01/23/2018 01:51:28 - started process bpbrm (pid=27533)
01/23/2018 01:51:28 - connecting
01/23/2018 01:51:28 - connected; connect time: 0:00:00
01/23/2018 01:51:29 - Info bpbrm (pid=27533) starting bpbkar on client
01/23/2018 01:51:29 - Info bpbkar (pid=27552) Backup started
01/23/2018 01:51:29 - Info bpbrm (pid=27533) bptm pid: 27553
01/23/2018 01:51:29 - Info bptm (pid=27553) start
01/23/2018 01:51:29 - Info bptm (pid=27553) using 65536 data buffer size
01/23/2018 01:51:29 - Info bptm (pid=27553) using 30 data buffers
01/23/2018 01:51:30 - Info bptm (pid=27553) start backup
01/23/2018 01:51:30 - Info bptm (pid=27553) Waiting for mount of media id H019L7 (copy 1) on server dbsvr01.net.
01/23/2018 01:51:30 - mounting H019L7
01/23/2018 01:52:27 - mounted H019L7; mount time: 0:00:57
01/23/2018 01:52:27 - positioning H019L7 to file 5
01/23/2018 01:52:28 - Info bptm (pid=27553) media id H019L7 mounted on drive index 3, drivepath /dev/nst4, drivename HP.ULTRIUM7-SCSI.003, copy 1
01/23/2018 01:54:06 - positioned H019L7; position time: 0:01:39
01/23/2018 01:54:06 - begin writing
01/23/2018 07:54:58 - Error bptm (pid=27553) FREEZING media id H019L7, External event caused rewind during write, all data on media is lost
01/23/2018 07:54:58 - Info bptm (pid=27553) EXITING with status 84 <----------
01/23/2018 07:54:59 - Error bpbrm (pid=27533) from client dbsvr01: ERR - bpbkar exiting because backup is aborting
01/23/2018 07:54:59 - Info bpbkar (pid=27552) done. status: 84: media write error
01/23/2018 07:54:59 - end writing; write time: 6:00:53
media write error (84)

Please write to me soon

13 REPLIES 13

Marianne
Moderator
Moderator
Partner    VIP    Accredited Certified
This is the issue:

"External event caused rewind during write, all data on media is lost."

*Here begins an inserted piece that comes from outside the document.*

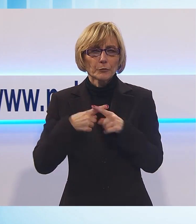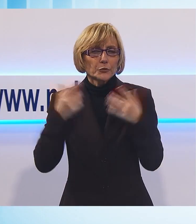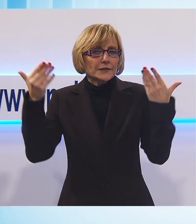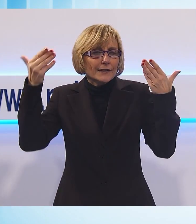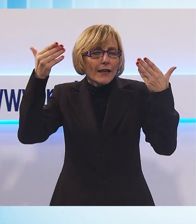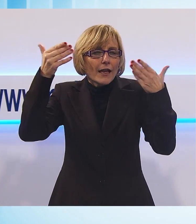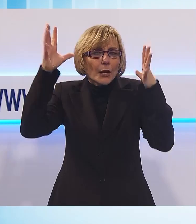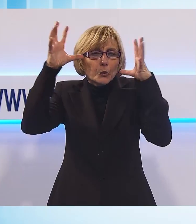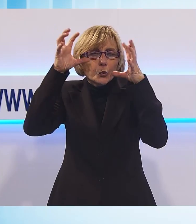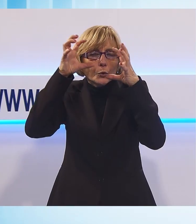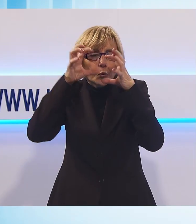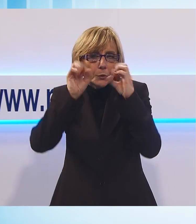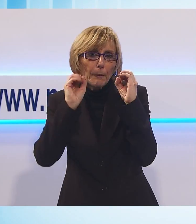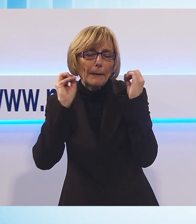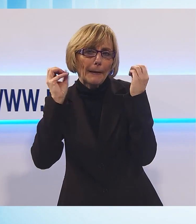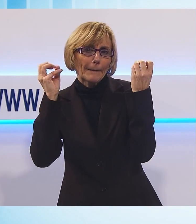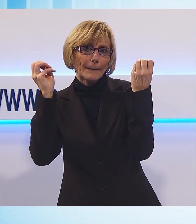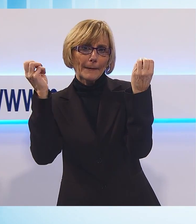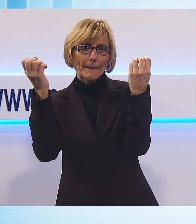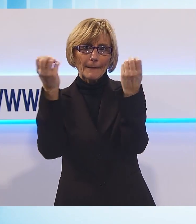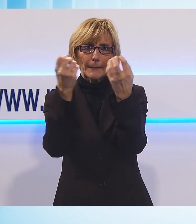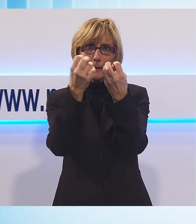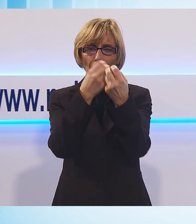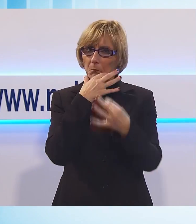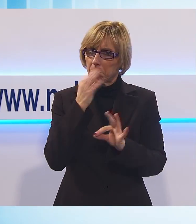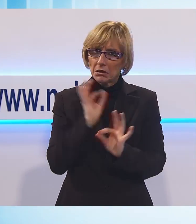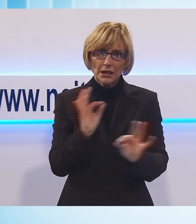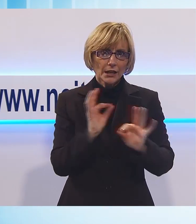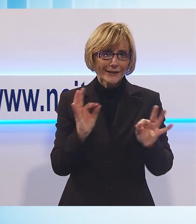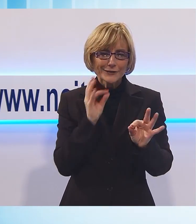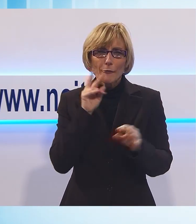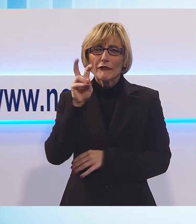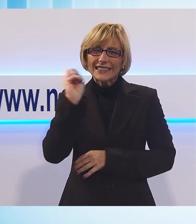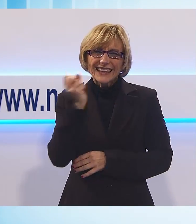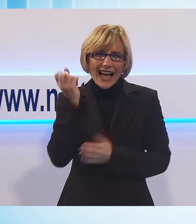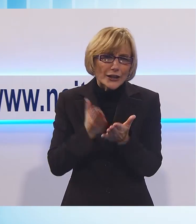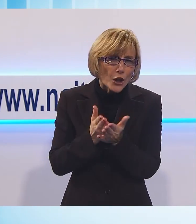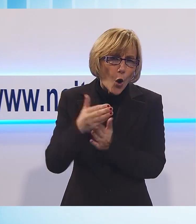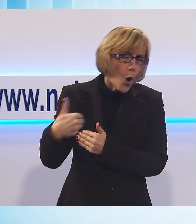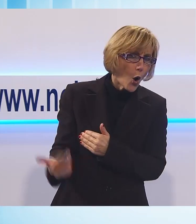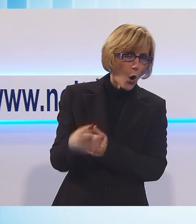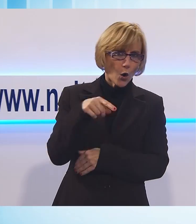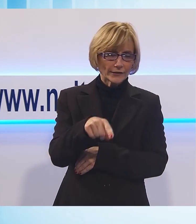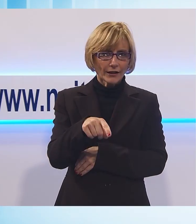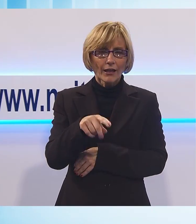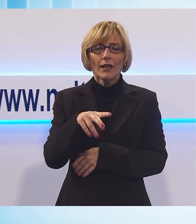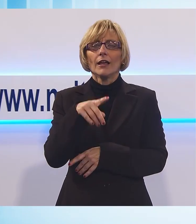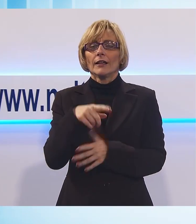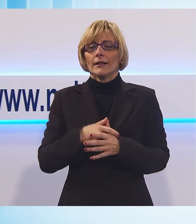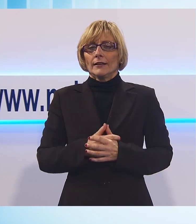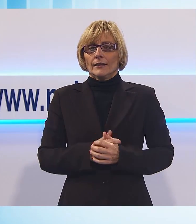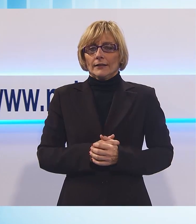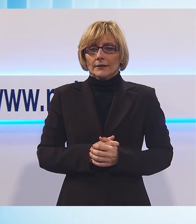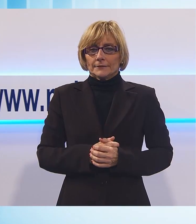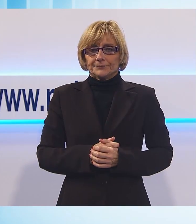valorizzando tutte le parti del presepe, che viene fatto da oltre 20 anni, anche in memoria di chi lo iniziò 24 anni fa. Abbiamo

Please tell us more about your environment.
Are drives shared between media servers and/or NDMP filers?
What is OS on media servers?

What has been seen in OS logs and Veritas debug logs since you started troubleshooting with Support?

Hi Marianne,

This drive are been shared by other media server. 

Master : Window Server 2016

NBU Master: 7.7.3

Media Serve: Oracle Linux Server release 7.4

There is no error on OS log showing why this error occured. But below are the part of BPDBM logs

07:54:58.469 [9008.15544] <2> logconnections: BPDBM ACCEPT FROM 192.168.xx.xx.55158 TO 192.168.xx.xx.1556 fd = 128
07:54:58.469 [9008.15544] <2> init_resilient_cache: [vnet_nbrntd.c:880] Initialize resilient cache. 0 0x0
07:54:58.469 [9008.15544] <2> vnet_pcache_init_table: [vnet_private.c:214] starting cache size 200 0xc8
07:54:58.469 [9008.15544] <2> vnet_cached_getnameinfo: [vnet_addrinfo.c:2049] found via getnameinfo OUR_HOST=dbsvr01.net.my IPSTR=192.168.xx.xx
07:54:58.485 [9008.15544] <2> db_valid_master_server: dbsvr01.net.my is not a valid server
07:54:58.485 [9008.15544] <2> db_valid_master_server: dbsvr01.net.my is a valid media server

 

 

Marianne
Moderator
Moderator
Partner    VIP    Accredited Certified

bpdbm (database manager) has nothing to do with tape usage.

How much interaction have you had with Veritas Support since logging the call? Do you have the call reference number?

In my experience, Support would've asked you for logs on all media servers -  Verbose (level 5) bptm log, various logs under volmgr\debug, VERBOSE entry in vm.conf, text output of Windows System and Application log (after restart with VERBOSE in vm.conf and error is experienced), /var/log/messages on Linux server.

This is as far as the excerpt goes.